View Full Version : "The Last Voyage"
I had posted a question a while back asking if anyone had heard of the this book called "The Last Voyage...The Story of Schooner Third Sea" by: Harold Stephens.
Here is a line in the introduction that caught my eye. '"There's a magnificent world out there for anyone who wants it," he would whisper to me and go on doing what he sets out to do."
I'm just getting into this book and in fact he is just finished outfitting it Bangkok and is headed out on his adventures.
This book is about a man who had a dream. He was greatly influenced by the writings of Jack London and wished to build his own boat and see the world. With the attitude that is hinted at in the above quote he sets out to accomplish his dream and he lives it for 18 years untill at last the "Third Sea" is wrecked on a reef on the Hawaiian Islands during a freak hurricane.
He built the "Third Sea" in Singapoore and outfitted her in Bangkok. She was 71 feet long and made from ferro-cement. Most of the labour was supplied by the author and volunteers.
So far this is a great book and I highly recomend it.
I'm going to bring this back up. The author makes references to others in his book and I would like opinions please.
First one of his main inspirations was a book by Jack London called "The Cruise of the Snark". Has anyone read this and is it worthwhile?
Second he goes about the South Seas and try to look up people mentioned by a fella named Michener in a book he wrote called "Return to Paradise". What about this book?
I'm very opinionated about writers, and in my opinion, you can't go wrong reading anything by London and Michener.
"In 1906, London began to build a 45-foot yacht on which he planned a round-the-world voyage, to last seven years.
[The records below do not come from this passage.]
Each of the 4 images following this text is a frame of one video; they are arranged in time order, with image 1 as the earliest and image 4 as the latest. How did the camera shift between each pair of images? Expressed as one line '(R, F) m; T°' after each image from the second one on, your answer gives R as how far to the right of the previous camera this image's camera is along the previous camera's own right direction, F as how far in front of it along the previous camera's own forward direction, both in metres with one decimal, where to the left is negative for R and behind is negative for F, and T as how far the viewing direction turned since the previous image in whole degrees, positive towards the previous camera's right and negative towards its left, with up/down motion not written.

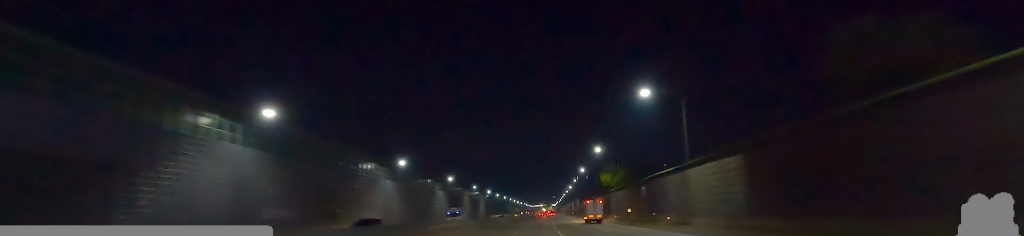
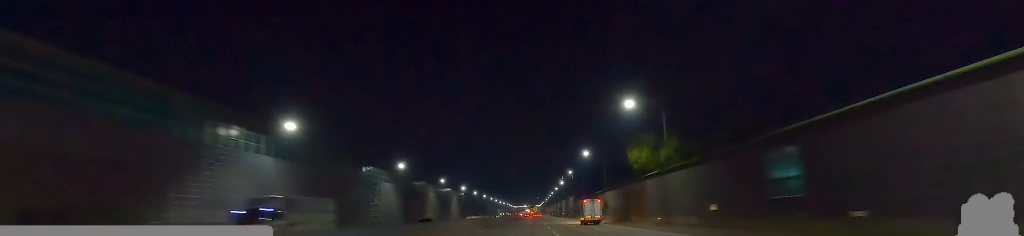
(0.0, +40.2) m; 0°
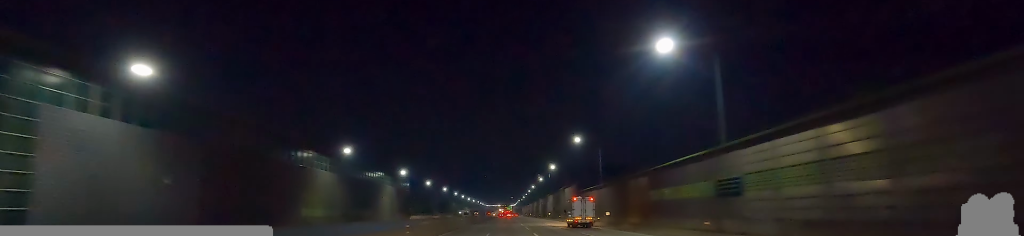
(+0.9, +64.6) m; +1°
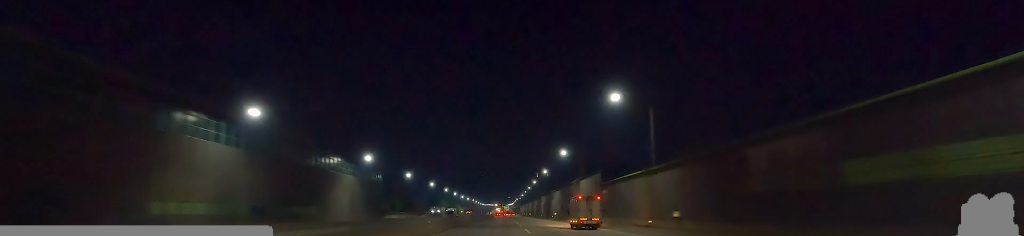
(-0.4, +29.4) m; -1°

After many delays, Jack and Charmian London and a small crew sailed out of San Francisco Bay on April 23, 1907, bound for the South Pacific. For the next year and a half, the Snark miraculously prevailed despite fundamental flaws in the design of the boat and the inexperience of the crew, who learned their duties en route. London taught himself how to use a sextant , and Charmian proved to be the most adept sailor on the crew, earning the admiration of her shipmates. After calling in at Hawaii, the Marquesas, the Solomon Islands and Tahiti, the ill and weary Londons reluctantly abandoned the voyage, proceeding by steamer from the Solomons to Australia in November, 1908, for a rest before heading home."
"In a series of essays, London wrote the story of the Snark voyage -- the rigors and rewards of an inexperienced crew sailing across the Pacific, the elation of sighting first land-fall in Hawaii, the excitement of fending off marauding villagers in the Solomon Islands, and the rewards of cutting through bamboo and palm trees to reach the grave of Robert Louis Stevenson in Western Samoa.
The essays appeared separately in 1908-1910 in several periodicals, including Woman's Home Companion, Pacific Monthly, and Harper's Weekly before being gathered together and published in book form as The Cruise of the Snark."
Additionally, Cruise of the Snark can be downloaded free from Project Gutenberg
11-27-2002, 10:18 AM
I've read the London book, years ago. Some of the biographies of London are fascinating, "A Sailor on Horseback" comes to mind.
The Snark expedition was a disaster, almost from beginning to end. London was a great dreamer, and accomplished a tremendous amount in a short life, but he was not the luckiest fellow. Snark was way over budget, plagued by poor workmanship and strikes, fell off the ways half way through construction because of the 1906 SF earthquake, and the tale of woe goes on and on. If I remember, London puts a much glossier facade on the adventure, so in addition to his book, seek out some of the other biographical material.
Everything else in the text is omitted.